Records drawn from a dataset
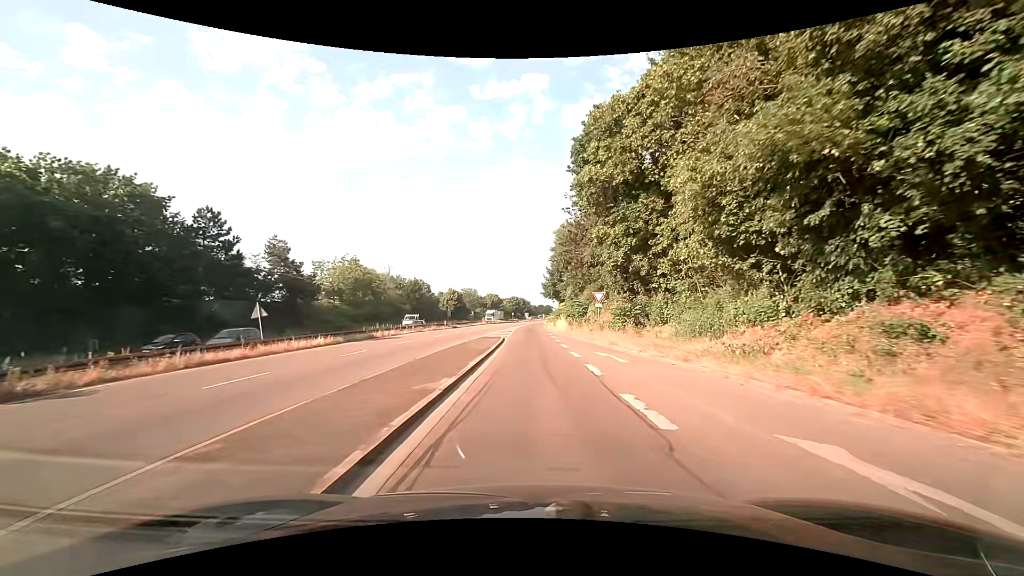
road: trunk_link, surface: asphalt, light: Day
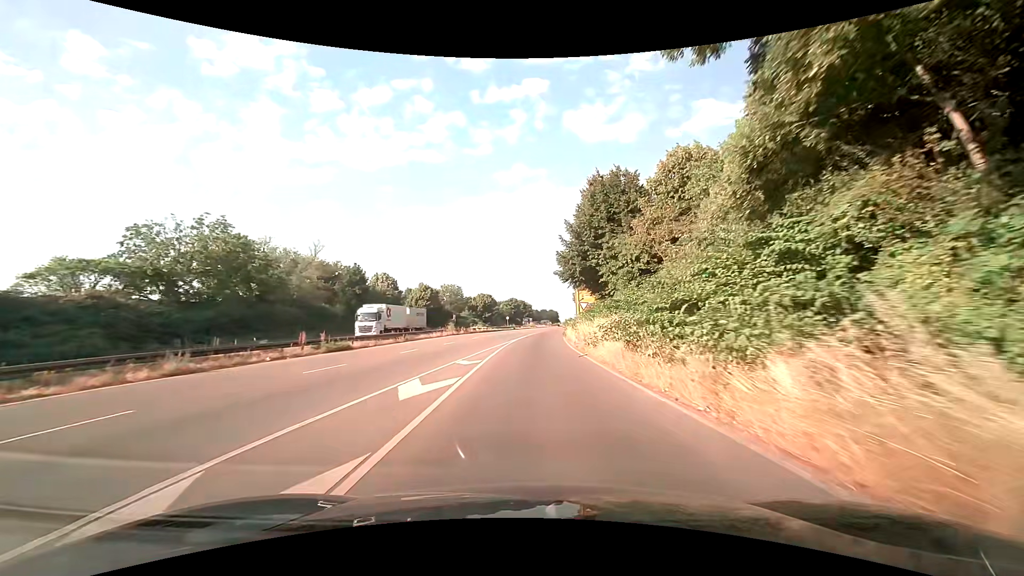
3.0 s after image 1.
(+0.3, +43.8) m; 0°
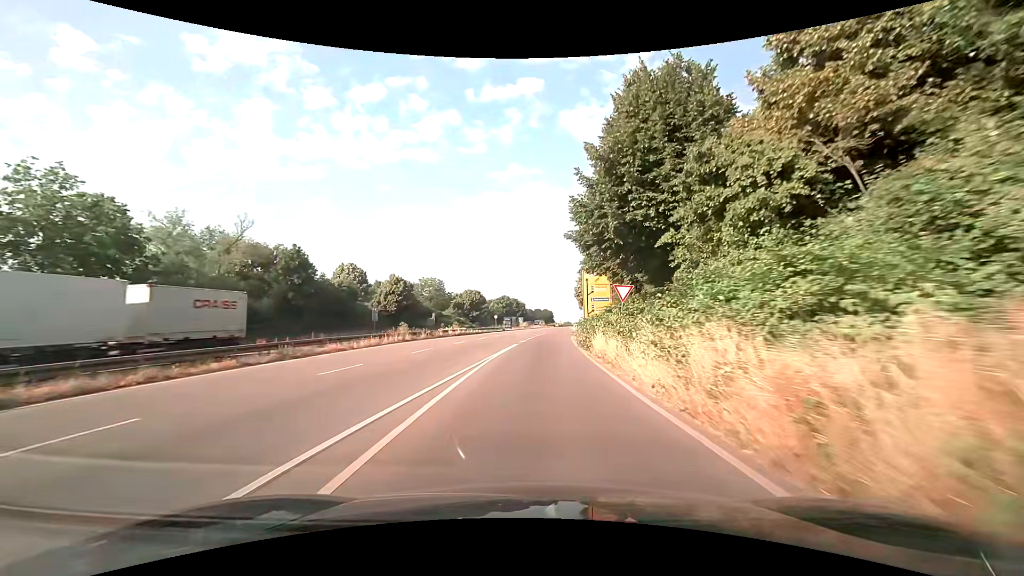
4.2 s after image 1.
(+0.1, +18.9) m; 0°
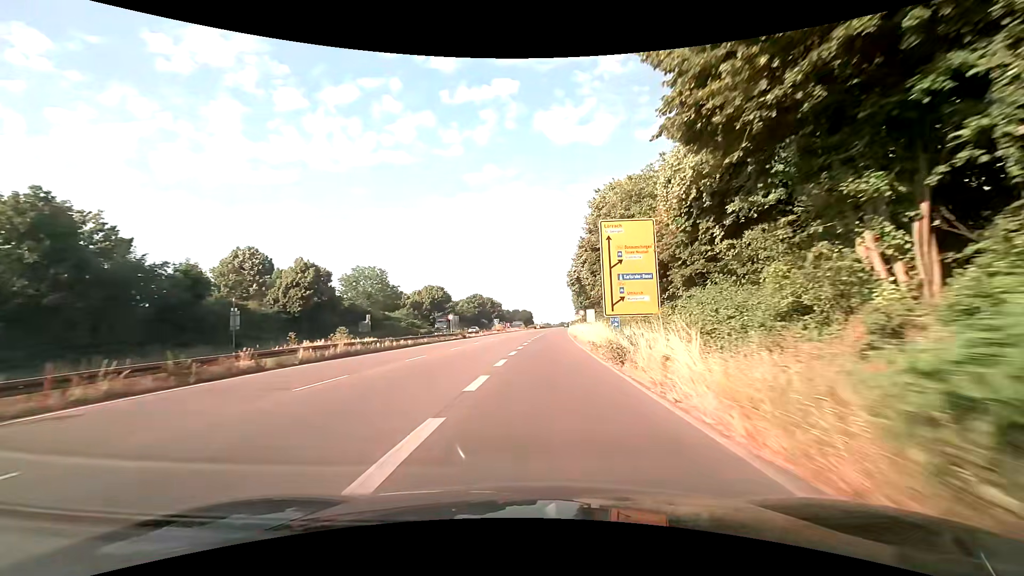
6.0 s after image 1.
(+0.7, +29.4) m; +2°
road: trunk
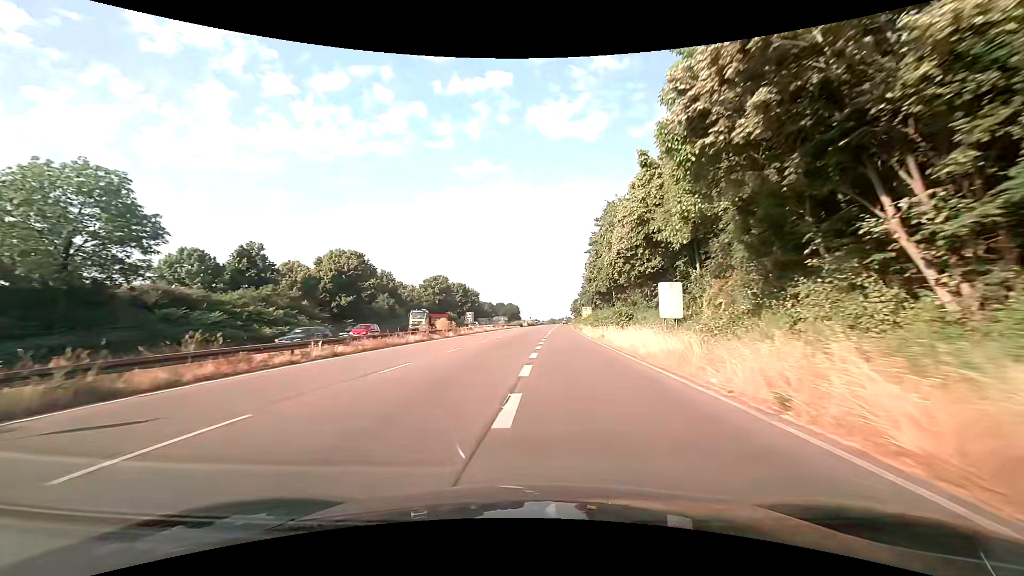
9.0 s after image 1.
(+1.2, +51.7) m; +1°
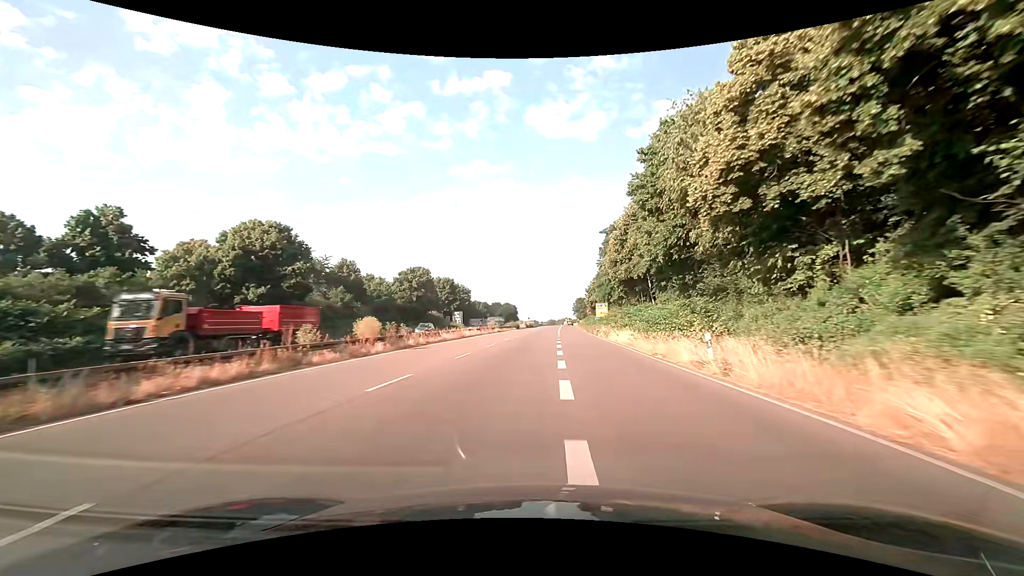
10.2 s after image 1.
(+0.1, +21.6) m; +1°
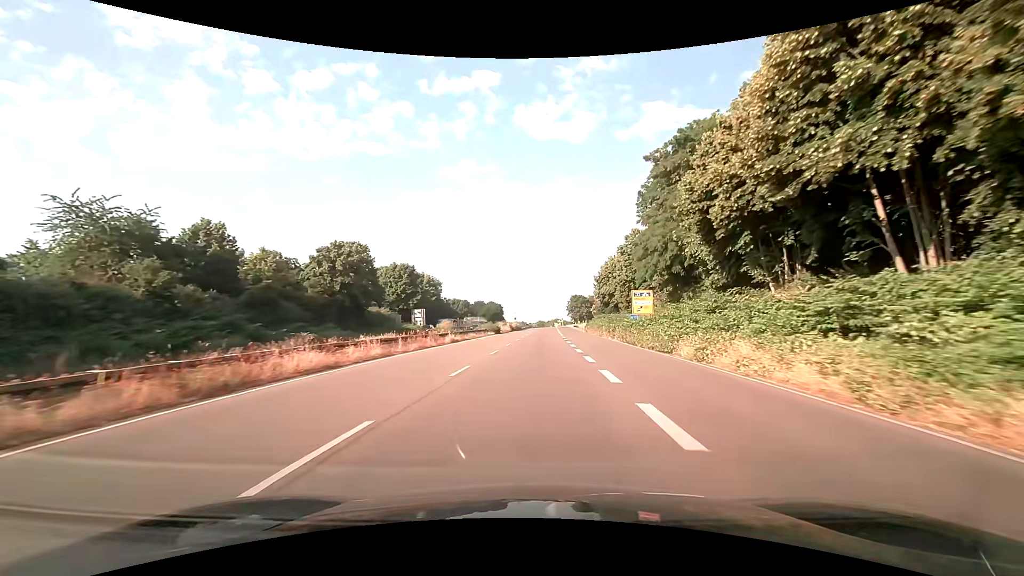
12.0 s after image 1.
(-0.3, +33.3) m; 0°
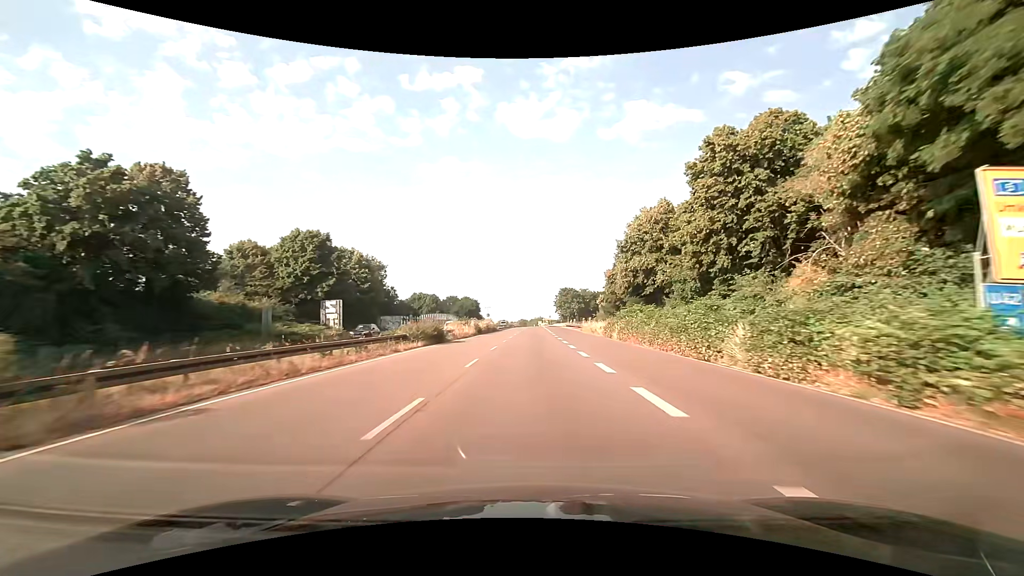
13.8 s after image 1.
(+0.5, +34.2) m; +2°
(0, +10) (0, +20) (0, +30) (+1, +40) (+1, +50) (+1, +60) (+1, +70) (+1, +80) (+2, +90) (+2, +100) m

What the exercise asks.
Output all of the data above exactly; no pictures should appear.

Reply.
road: trunk_link, surface: asphalt, light: Day
3.0 s after image 1.
(+0.3, +43.8) m; 0°
4.2 s after image 1.
(+0.1, +18.9) m; 0°
6.0 s after image 1.
(+0.7, +29.4) m; +2°
road: trunk
9.0 s after image 1.
(+1.2, +51.7) m; +1°
10.2 s after image 1.
(+0.1, +21.6) m; +1°
12.0 s after image 1.
(-0.3, +33.3) m; 0°
13.8 s after image 1.
(+0.5, +34.2) m; +2°
(0, +10) (0, +20) (0, +30) (+1, +40) (+1, +50) (+1, +60) (+1, +70) (+1, +80) (+2, +90) (+2, +100) m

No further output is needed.